Items from a dataset
· · ·
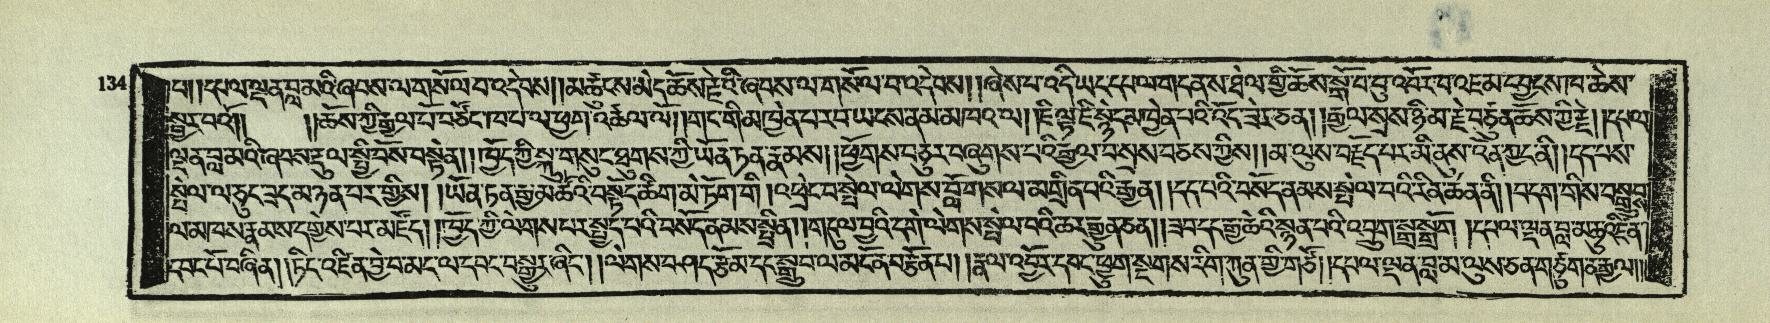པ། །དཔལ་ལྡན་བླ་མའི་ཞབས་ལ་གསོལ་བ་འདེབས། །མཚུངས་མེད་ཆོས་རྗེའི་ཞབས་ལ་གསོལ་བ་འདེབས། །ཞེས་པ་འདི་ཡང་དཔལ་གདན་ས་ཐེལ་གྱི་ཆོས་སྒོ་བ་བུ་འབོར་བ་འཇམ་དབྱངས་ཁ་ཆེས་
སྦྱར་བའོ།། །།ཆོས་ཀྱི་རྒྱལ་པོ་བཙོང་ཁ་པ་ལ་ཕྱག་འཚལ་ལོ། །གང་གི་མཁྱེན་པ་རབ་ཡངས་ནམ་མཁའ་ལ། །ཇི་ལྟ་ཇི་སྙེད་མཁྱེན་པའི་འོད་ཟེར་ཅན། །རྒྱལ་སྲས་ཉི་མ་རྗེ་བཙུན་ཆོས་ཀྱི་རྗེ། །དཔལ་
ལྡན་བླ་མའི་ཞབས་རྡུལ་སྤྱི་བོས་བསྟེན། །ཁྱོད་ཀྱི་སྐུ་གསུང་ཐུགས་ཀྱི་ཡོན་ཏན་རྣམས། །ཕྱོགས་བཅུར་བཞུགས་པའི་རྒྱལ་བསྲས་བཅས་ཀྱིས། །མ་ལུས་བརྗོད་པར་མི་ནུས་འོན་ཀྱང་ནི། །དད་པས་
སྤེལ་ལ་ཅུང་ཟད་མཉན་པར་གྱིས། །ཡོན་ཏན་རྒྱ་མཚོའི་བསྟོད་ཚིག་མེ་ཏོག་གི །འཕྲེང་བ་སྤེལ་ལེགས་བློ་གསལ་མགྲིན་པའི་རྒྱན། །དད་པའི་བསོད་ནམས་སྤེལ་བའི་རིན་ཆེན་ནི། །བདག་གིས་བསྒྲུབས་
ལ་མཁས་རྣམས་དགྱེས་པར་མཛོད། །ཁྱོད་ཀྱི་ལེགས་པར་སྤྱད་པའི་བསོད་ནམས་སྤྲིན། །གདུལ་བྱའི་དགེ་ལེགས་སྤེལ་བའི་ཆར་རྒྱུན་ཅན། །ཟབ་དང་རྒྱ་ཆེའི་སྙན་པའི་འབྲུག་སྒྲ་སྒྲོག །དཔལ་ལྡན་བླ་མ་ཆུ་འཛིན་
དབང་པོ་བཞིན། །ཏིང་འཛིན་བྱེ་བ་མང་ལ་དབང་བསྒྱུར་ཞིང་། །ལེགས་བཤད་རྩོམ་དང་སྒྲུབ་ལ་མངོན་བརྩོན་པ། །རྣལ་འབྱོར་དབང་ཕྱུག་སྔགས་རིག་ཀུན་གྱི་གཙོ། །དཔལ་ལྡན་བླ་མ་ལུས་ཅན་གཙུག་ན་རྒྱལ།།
· · ·
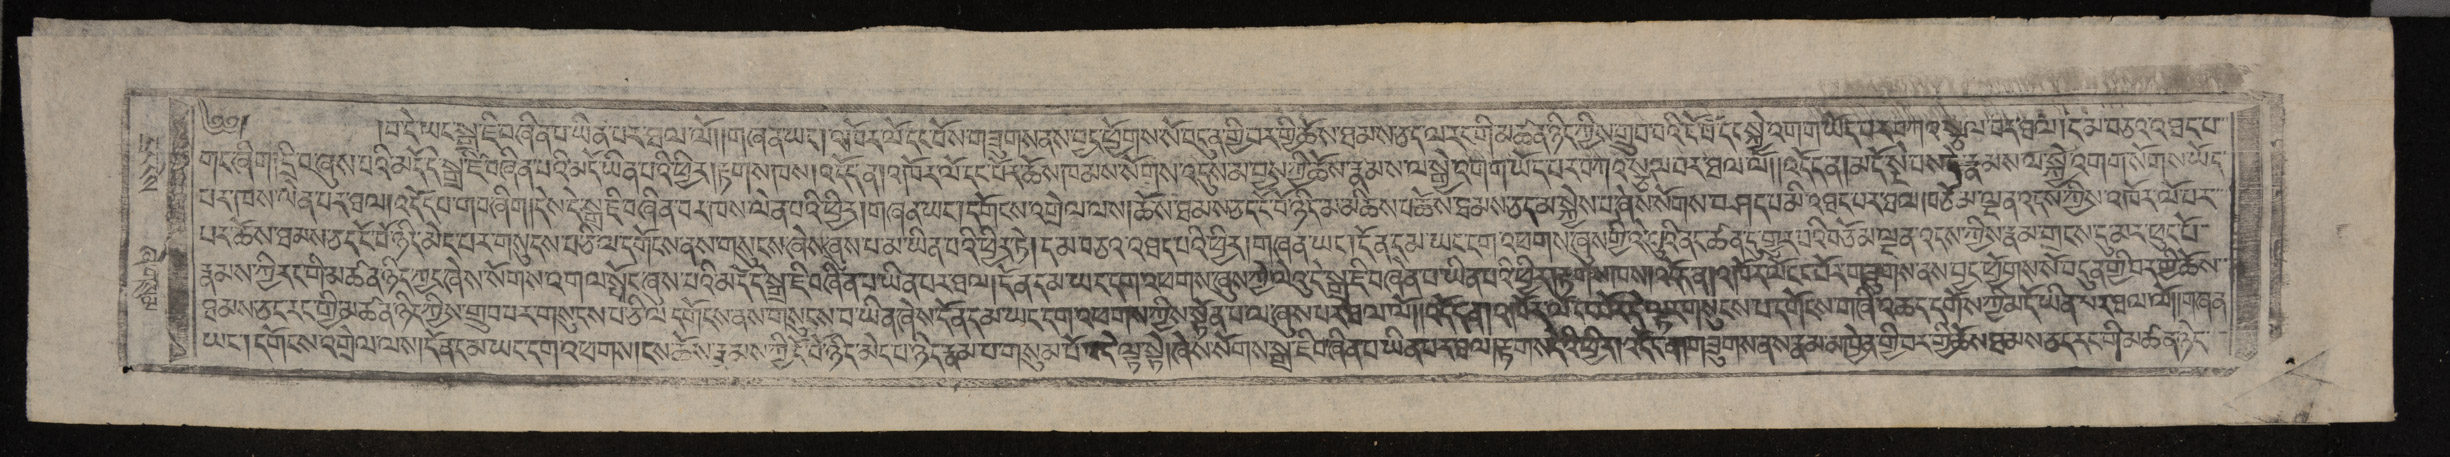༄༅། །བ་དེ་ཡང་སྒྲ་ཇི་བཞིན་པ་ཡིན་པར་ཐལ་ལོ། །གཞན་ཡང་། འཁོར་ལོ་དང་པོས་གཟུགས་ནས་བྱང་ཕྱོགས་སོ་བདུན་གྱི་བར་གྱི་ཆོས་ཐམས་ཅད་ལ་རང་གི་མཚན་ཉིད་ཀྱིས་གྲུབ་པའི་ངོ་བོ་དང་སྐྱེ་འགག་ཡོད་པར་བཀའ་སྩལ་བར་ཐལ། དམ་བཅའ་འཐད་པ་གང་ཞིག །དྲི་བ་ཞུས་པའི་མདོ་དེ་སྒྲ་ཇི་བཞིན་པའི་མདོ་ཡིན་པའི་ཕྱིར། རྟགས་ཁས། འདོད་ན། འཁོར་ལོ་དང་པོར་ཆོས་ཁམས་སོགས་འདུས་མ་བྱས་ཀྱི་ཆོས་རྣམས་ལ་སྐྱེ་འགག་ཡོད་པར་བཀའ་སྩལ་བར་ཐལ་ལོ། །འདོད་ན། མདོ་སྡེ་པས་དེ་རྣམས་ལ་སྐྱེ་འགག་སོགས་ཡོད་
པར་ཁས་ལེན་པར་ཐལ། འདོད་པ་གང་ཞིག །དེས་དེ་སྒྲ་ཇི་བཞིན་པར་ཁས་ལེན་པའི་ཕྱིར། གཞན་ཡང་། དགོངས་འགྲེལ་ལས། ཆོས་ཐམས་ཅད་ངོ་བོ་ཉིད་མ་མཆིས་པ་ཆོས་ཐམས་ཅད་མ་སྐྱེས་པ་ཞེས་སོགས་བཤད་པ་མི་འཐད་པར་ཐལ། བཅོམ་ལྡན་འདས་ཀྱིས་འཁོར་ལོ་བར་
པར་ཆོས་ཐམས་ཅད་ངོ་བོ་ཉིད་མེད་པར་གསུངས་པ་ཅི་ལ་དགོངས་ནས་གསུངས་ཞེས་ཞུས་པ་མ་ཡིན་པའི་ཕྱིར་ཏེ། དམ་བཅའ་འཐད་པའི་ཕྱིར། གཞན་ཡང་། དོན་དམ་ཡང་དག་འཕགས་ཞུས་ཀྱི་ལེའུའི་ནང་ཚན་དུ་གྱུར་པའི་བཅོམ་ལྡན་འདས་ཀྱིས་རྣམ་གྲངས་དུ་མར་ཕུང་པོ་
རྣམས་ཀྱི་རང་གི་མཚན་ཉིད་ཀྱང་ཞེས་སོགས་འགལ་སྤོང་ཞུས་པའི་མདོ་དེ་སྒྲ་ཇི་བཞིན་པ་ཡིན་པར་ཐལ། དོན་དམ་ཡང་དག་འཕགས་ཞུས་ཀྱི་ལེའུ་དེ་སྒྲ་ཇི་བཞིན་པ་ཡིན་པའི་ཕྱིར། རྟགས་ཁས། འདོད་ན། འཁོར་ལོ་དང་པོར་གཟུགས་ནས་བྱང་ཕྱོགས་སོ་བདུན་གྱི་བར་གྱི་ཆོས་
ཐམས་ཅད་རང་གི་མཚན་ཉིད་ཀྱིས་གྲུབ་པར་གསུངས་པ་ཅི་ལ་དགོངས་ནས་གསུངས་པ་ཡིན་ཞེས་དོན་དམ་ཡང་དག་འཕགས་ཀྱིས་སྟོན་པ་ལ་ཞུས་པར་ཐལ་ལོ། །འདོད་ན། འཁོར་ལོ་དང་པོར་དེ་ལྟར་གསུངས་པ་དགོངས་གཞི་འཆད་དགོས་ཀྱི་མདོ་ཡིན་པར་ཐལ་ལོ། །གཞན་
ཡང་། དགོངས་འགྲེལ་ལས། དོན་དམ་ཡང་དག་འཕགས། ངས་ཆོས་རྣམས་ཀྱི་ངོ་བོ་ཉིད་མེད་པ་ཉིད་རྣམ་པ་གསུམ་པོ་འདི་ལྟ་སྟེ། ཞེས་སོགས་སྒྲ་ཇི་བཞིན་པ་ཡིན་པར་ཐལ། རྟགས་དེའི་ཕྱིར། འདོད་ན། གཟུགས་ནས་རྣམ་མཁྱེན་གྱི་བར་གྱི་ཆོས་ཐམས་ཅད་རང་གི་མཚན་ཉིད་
· · ·
**EXERCISE REQUIREMENTS**. Work through the data and count each line holding the string "འཕགས". Give only that count.

**SOLUTION TO THIS EXERCISE**. 4